A prevalência de fumantes no Brasil e no mundo vem caindo a cada ano. Segundo um estudo publicado em abril pela revista “Lancet”, a parcela de homens fumantes no país caiu de 29%, em 1990, para 12%, em 2015; entre as mulheres, o índice foi de 19% para 8%. Diante dessa tendência, seria plausível imaginar um futuro sem cigarro, produto que mata ainda hoje mais de 7 milhões de pessoas por ano, segundo a Organização Mundial da Saúde (OMS).

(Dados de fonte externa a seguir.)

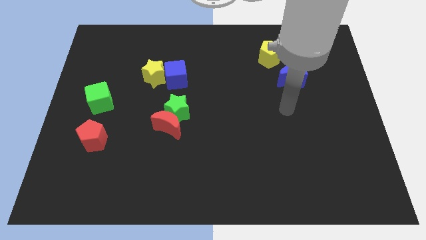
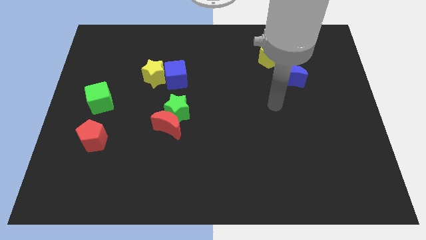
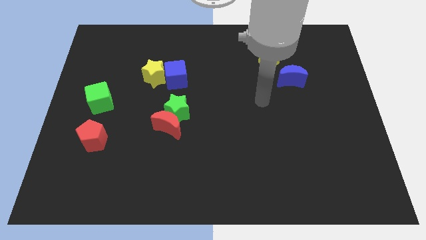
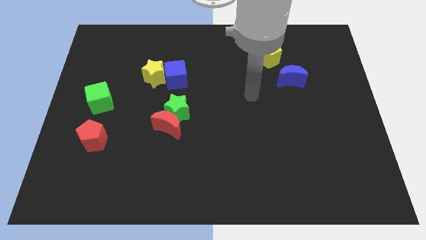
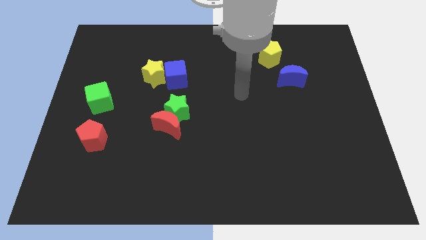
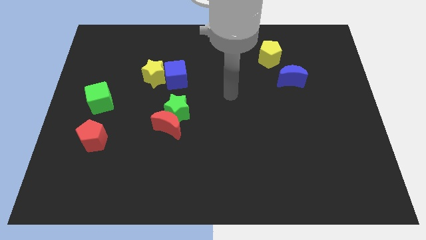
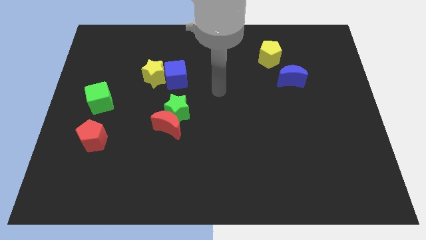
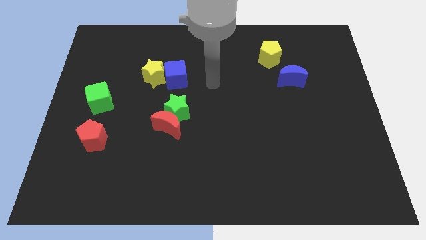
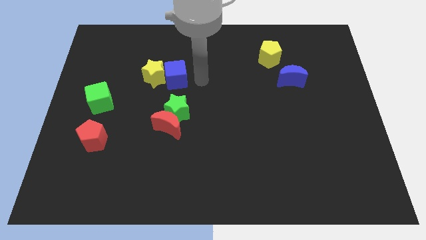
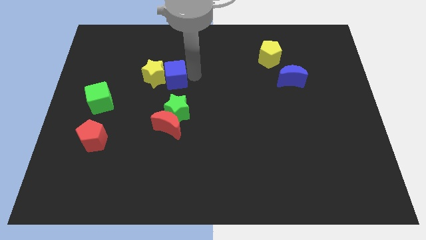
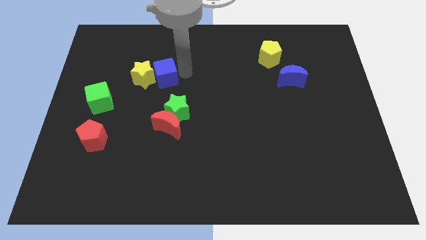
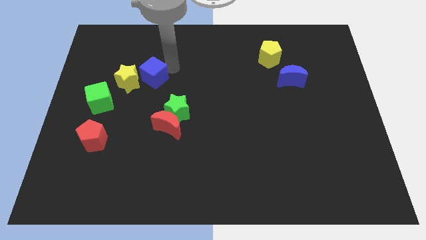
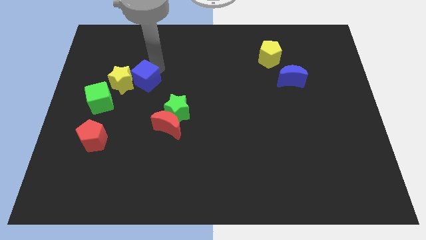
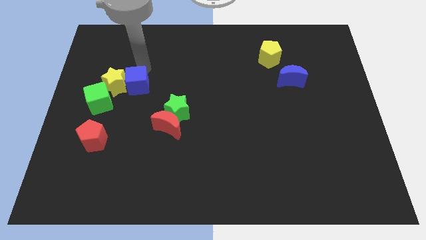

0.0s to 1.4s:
put the yellow star next to the green cube

Esse futuro é o que a própria indústria do tabaco está começando a vislumbrar. Ao menos, um futuro sem o cigarro que conhecemos hoje. Reconhecida como a principal empresa internacional de tabaco do mundo, a Philip Morris International (PMI) tem anunciado o planejamento de um futuro “smoke-free”, em que a produção de cigarro seria gradualmente abandonada e substituída por dispositivos eletrônicos para fumar.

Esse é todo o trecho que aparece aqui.